Review: ‘God of Egypt’ Is A Literal Mixed Bag

Neil R. Feeney ’19 / Emertainment Monthly Staff Writer

Gerard Butler in Gods of Egypt. Photo Credit: Lionsgate.

It’s not common that a film comes around that is truly a mixed bag, a complete mash up of good moments and terrible moments, unable to find a rhythm and yet at the same time knowing exactly what it is doing. A film like this can entertain and at the same time give one the desire to leave the theater altogether. It’s truly mesmerizing, not because of its quality, but its lack of. There are so many bad choices, and yet every now and then there are a few good ones, but there never seems to be any consistency. Gods of Egypt is one such film.

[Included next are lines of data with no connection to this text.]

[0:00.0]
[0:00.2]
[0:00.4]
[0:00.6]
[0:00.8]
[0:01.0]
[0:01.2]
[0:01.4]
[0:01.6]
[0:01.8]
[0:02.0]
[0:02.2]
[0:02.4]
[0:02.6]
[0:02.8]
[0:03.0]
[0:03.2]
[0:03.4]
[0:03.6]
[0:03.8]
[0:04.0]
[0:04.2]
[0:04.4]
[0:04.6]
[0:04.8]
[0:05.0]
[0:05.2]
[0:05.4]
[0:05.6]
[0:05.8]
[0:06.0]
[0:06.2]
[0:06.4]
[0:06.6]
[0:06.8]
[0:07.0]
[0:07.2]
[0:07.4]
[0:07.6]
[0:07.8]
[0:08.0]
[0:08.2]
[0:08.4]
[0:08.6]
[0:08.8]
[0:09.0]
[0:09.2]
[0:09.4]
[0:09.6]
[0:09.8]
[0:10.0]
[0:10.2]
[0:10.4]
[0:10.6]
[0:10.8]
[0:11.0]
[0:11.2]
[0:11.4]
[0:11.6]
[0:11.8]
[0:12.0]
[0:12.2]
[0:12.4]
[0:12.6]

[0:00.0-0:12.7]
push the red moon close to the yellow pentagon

As the name suggests, the film takes place in mythological Egypt, complete with gods and monsters and magic. This is an example of a good choice, as this idea is something new and interesting (the last time this concept has been explored outside of straight-to-home-releases would be The Mummy series of the early 2000s), but having limited practical sets and instead shooting inside of a studio was a bad choice. On hiatus from Game of Thrones, Nikolaj Coster-Waldau stars as the god of air, Horus. Traveling with him is the mortal Bek (Brandon Thwaites), who honestly just looks happy to be there. Gerald Butler plays the big bad of the film, Set, and although Butler appears as if he is having the time of his life, he is the only actor that stands out and does not belong in the slightest. He does his best and gets into character, but he sticks out like a sore thumb. Geoffrey Rush as the sun god Ra stands out as well, but at least he is in the film as a supporting character, and seems to fit as his character. As Horus attempts to save Egypt, it was more an attempt to save the film itself, which is such a challenge that it seems as if everyone in the film know that is their real goal.

Nikolaj Coster-Waldau in Gods of Egypt. Photo Credit: Lionsgate.

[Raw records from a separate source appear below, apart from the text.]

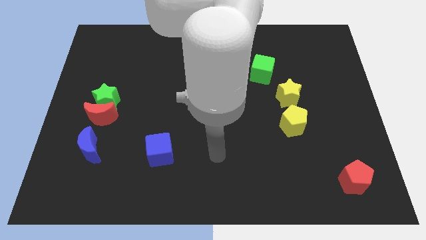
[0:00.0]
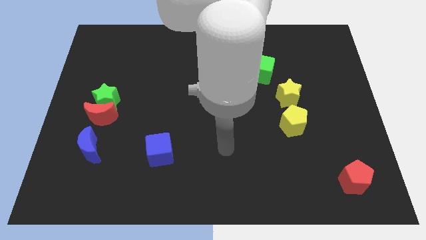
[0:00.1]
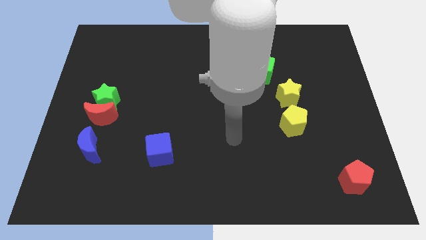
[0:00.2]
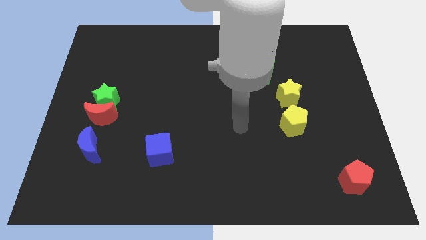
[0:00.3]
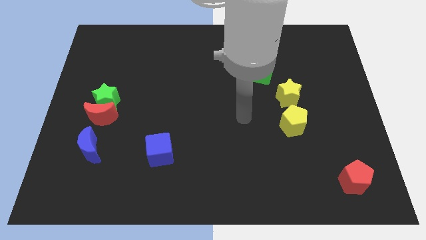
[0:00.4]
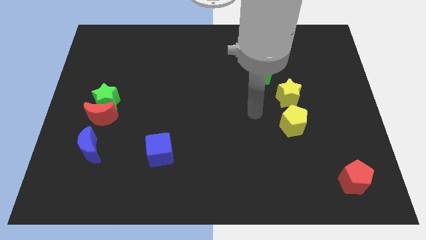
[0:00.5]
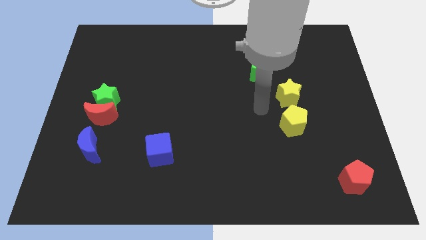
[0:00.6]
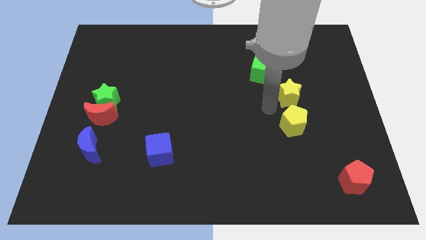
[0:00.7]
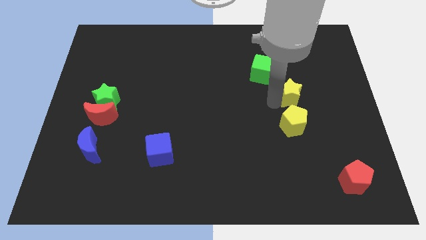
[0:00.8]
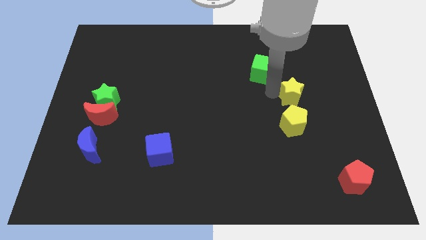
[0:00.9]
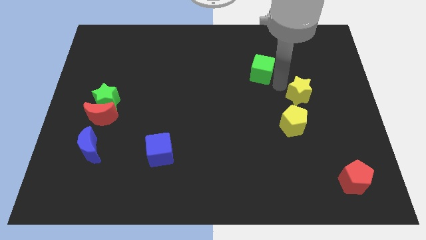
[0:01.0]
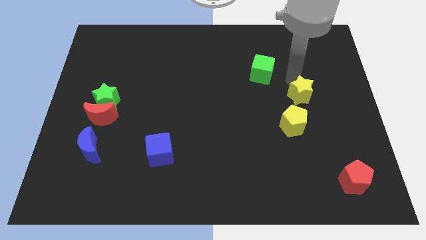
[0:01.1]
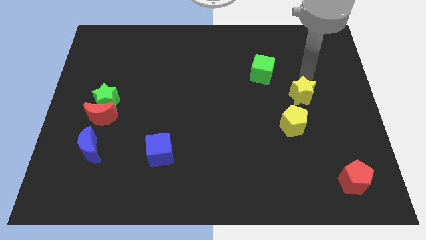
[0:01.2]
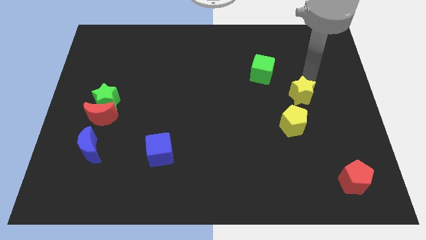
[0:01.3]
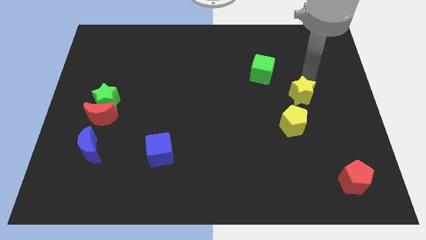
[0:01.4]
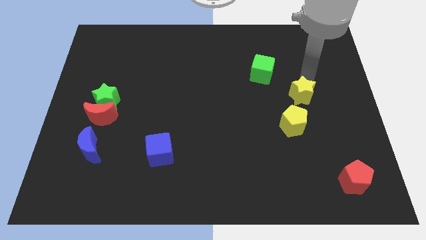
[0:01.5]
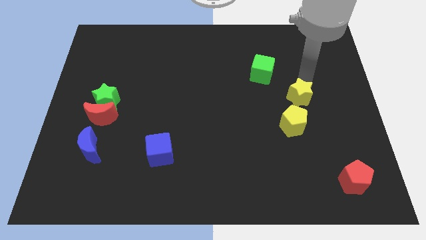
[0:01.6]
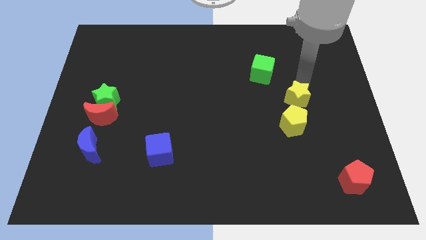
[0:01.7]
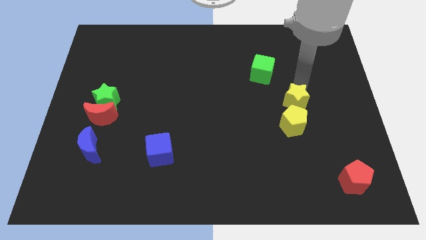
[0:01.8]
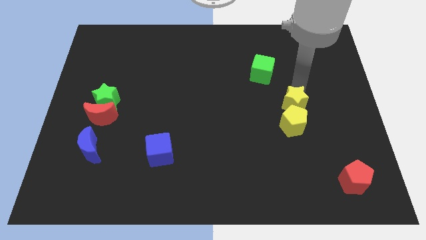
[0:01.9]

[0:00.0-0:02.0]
slide the yellow star towards the yellow pentagon

The film explores the mythos with cool CGI and imaginative fight scenes (good idea), but the CGI in some scenes was very unfinished (bad idea). Although credit is given where it is due, and the CGI was very impressive for its $140 million budget, and was directed well in that respect. A few concepts were very interesting as well, such as Ra riding his chariot that pulled the sun across a flat earth. The costumes were very imaginative as well and the cast is more diverse than the controversy will have one seem, at least more diverse than the common blockbuster. And as mentioned before, the direction had some great ideas, but it seemed as if director Alex Proyas had a great time in pre-production, but then slowly watched it fall apart during filming. This is one of those films that is great in concept, but can only really accomplish what it came to do if it is done right.

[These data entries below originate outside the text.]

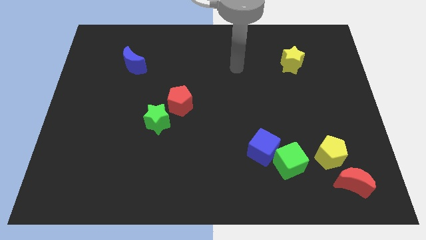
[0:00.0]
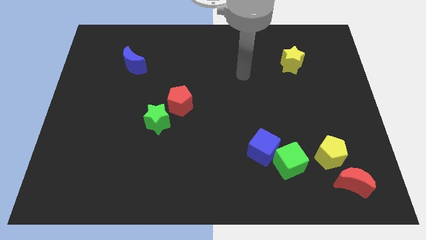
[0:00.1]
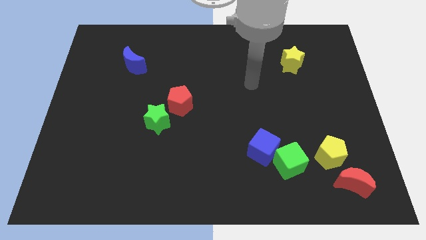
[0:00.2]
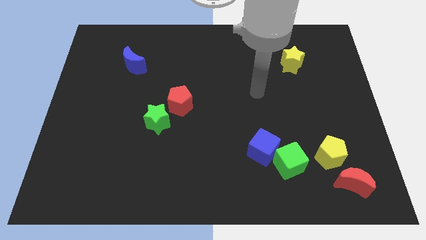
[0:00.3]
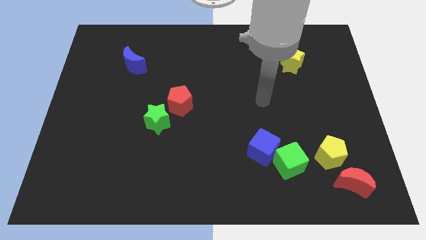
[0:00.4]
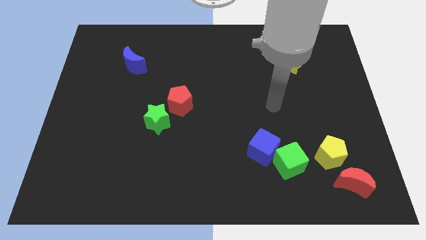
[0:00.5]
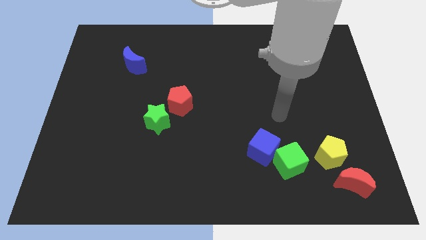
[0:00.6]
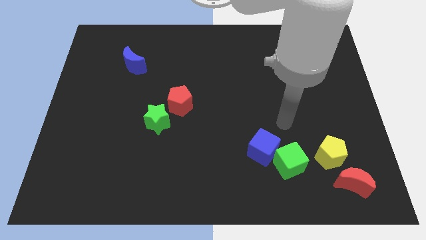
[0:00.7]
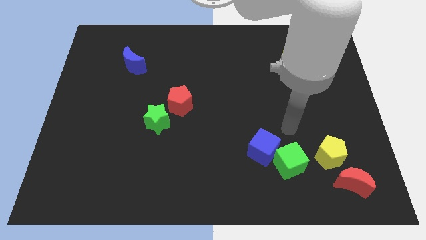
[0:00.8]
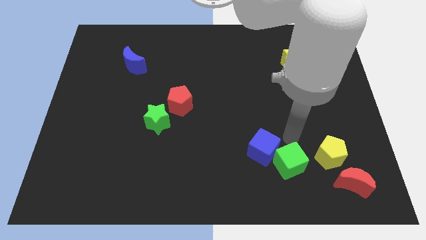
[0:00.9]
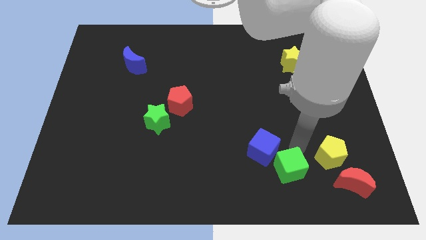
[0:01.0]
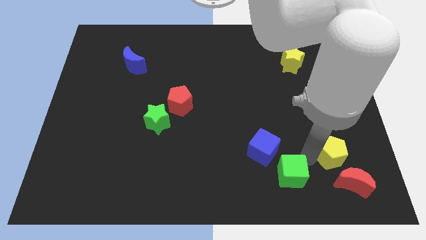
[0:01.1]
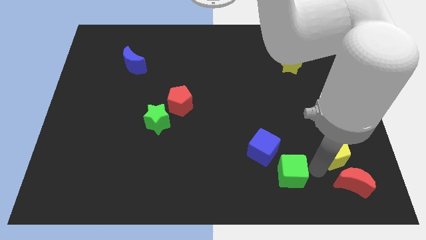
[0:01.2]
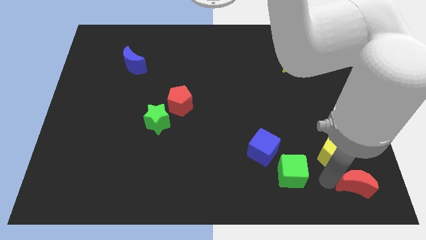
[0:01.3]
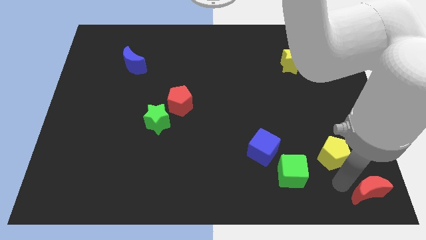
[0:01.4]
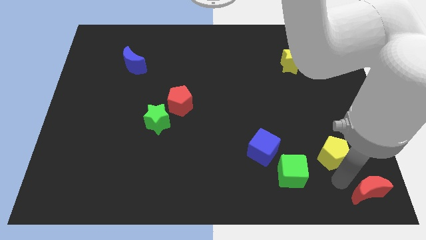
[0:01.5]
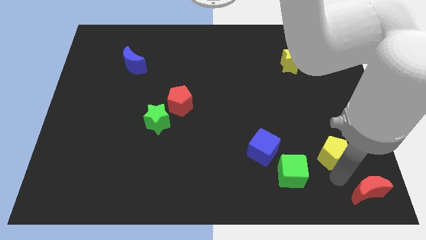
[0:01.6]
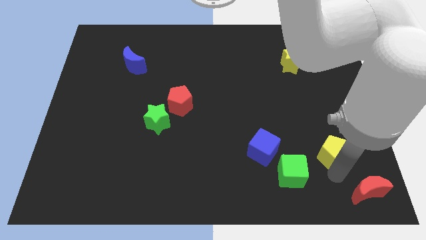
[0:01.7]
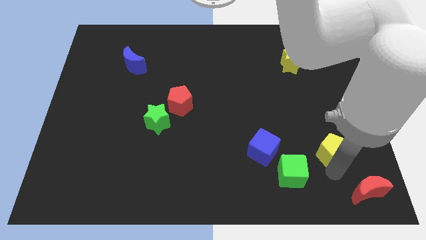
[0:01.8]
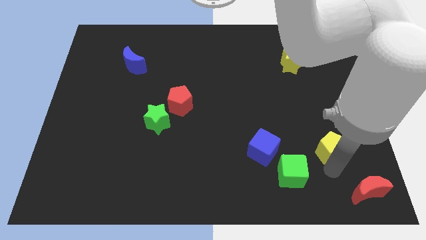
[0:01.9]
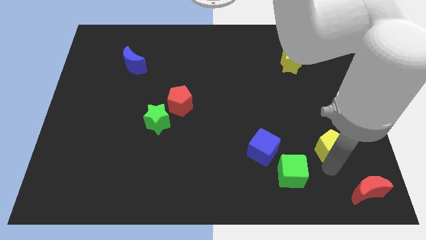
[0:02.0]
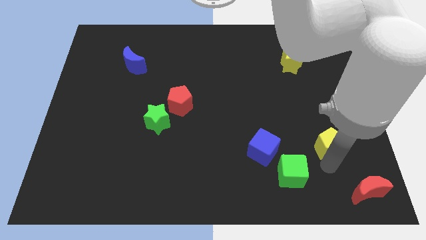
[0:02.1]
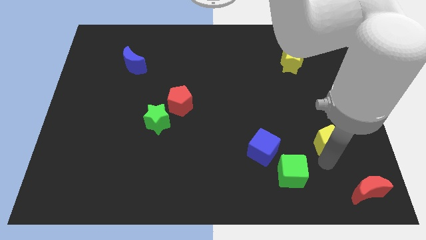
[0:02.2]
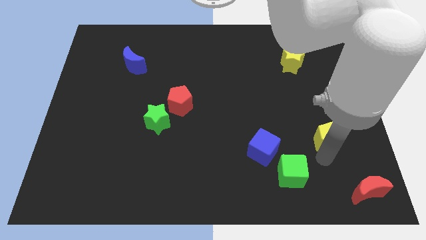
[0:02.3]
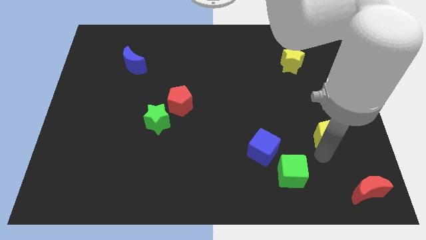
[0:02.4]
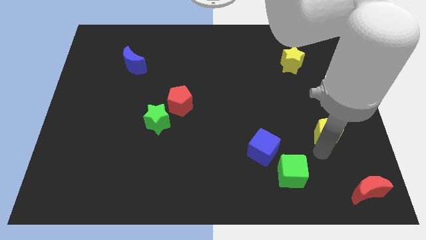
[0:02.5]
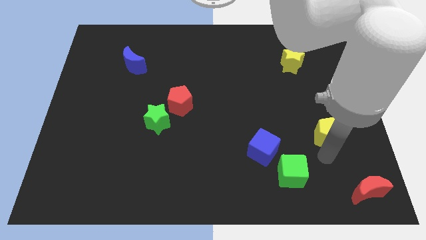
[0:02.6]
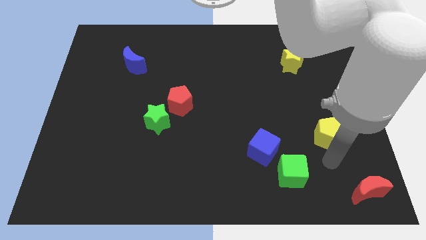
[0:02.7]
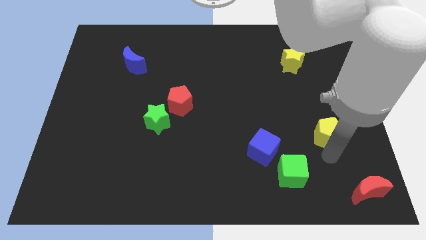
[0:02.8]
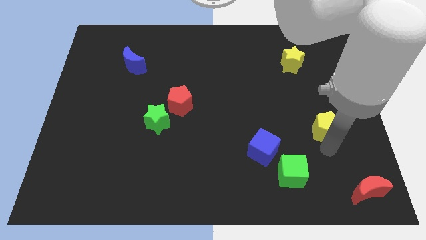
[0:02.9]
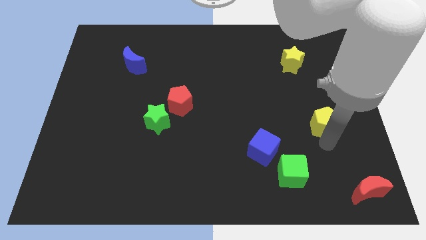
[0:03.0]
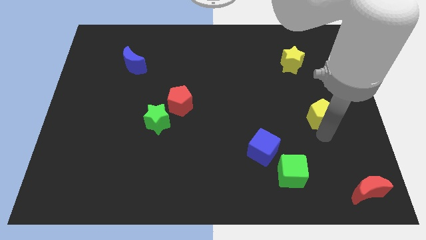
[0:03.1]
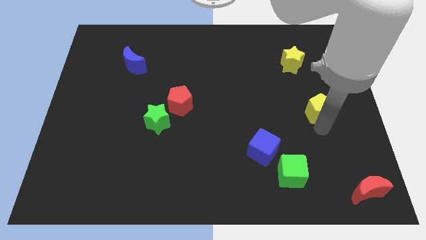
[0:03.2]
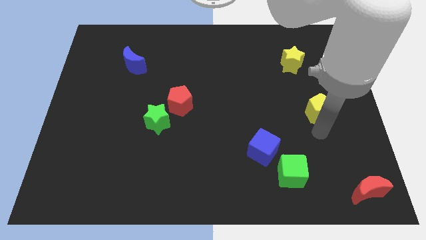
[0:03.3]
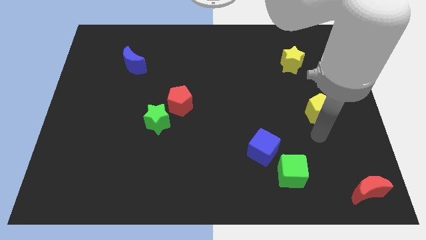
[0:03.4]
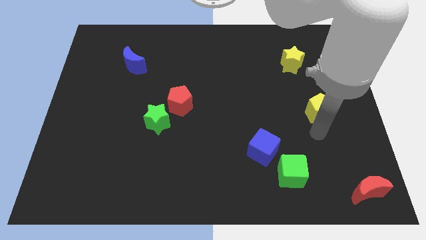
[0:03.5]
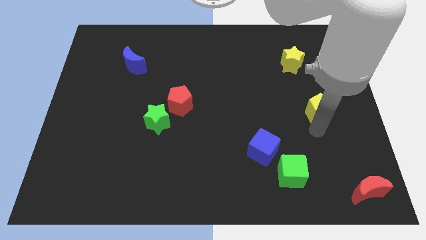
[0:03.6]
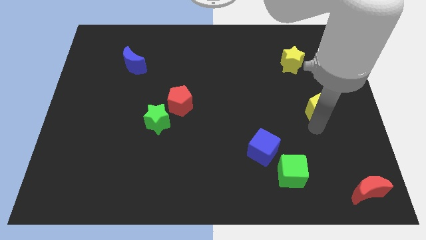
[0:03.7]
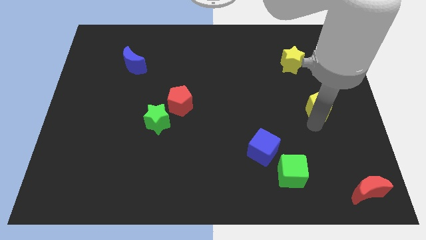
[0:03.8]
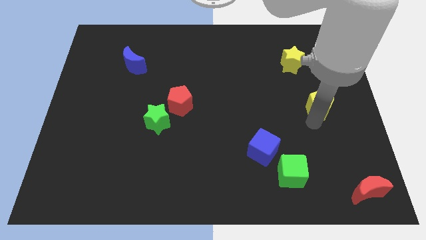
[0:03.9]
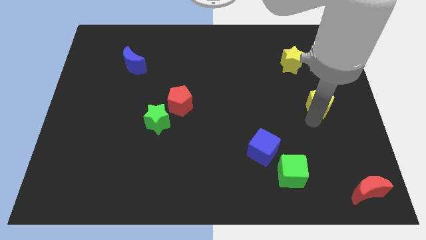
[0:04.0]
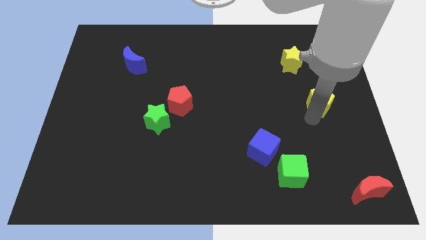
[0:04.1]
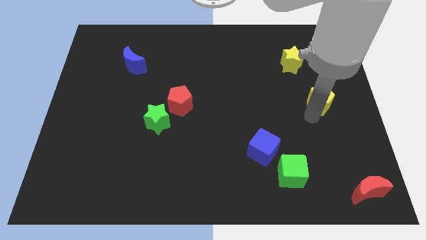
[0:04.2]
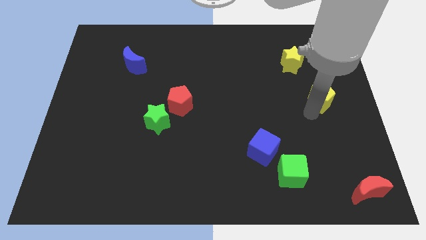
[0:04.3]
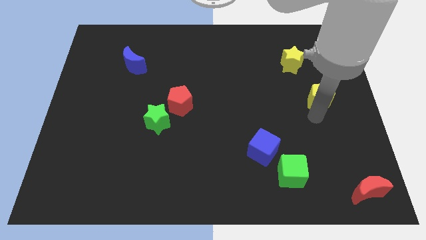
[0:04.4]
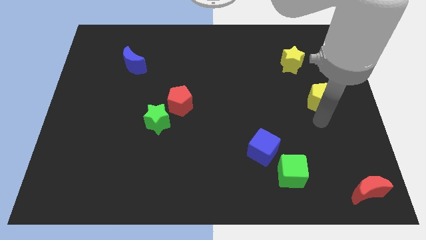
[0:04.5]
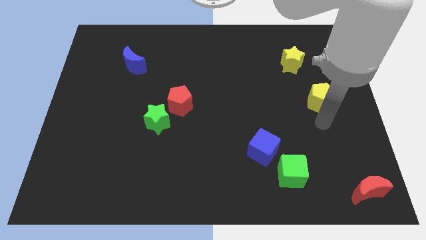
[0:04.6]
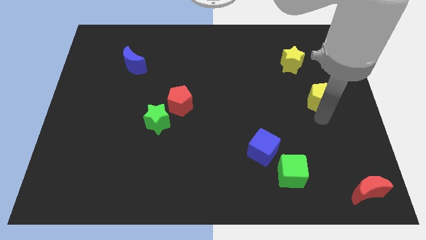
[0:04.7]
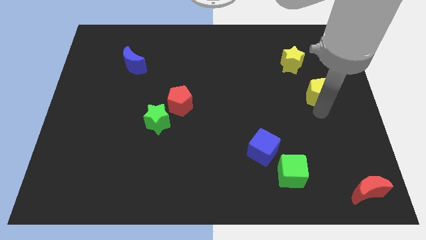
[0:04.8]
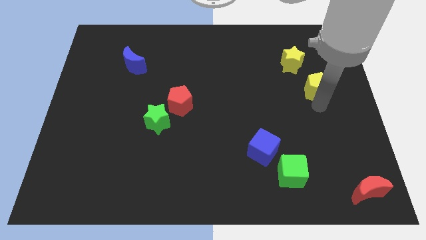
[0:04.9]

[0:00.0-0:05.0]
put the yellow pentagon diagonally down and to the right of the yellow star

This is where the paradox lies: this film is fun to watch, but only because it is painful to watch. It is epic in scale, but never gets up off the ground. The actors are having fun, but their characters aren’t. The CG is cool, but uncompleted. There is no better way to describe this film then a mixed bag. One cannot blame the film for its choices though, for example the editing is choppy, but only because there is a lot of substance. The more one thinks of this film the more one cannot understand why it failed like it did. It is the perfect example of a bad film with good moments, or a good film with bad moments, it just matters how you look at it. Children will love this film because of its cool concepts, teenagers may enjoy it ironically, and adults will be so perplexed by the intense paradox it presents. Although one thing is for certain: it was entertaining, but not for the right reasons.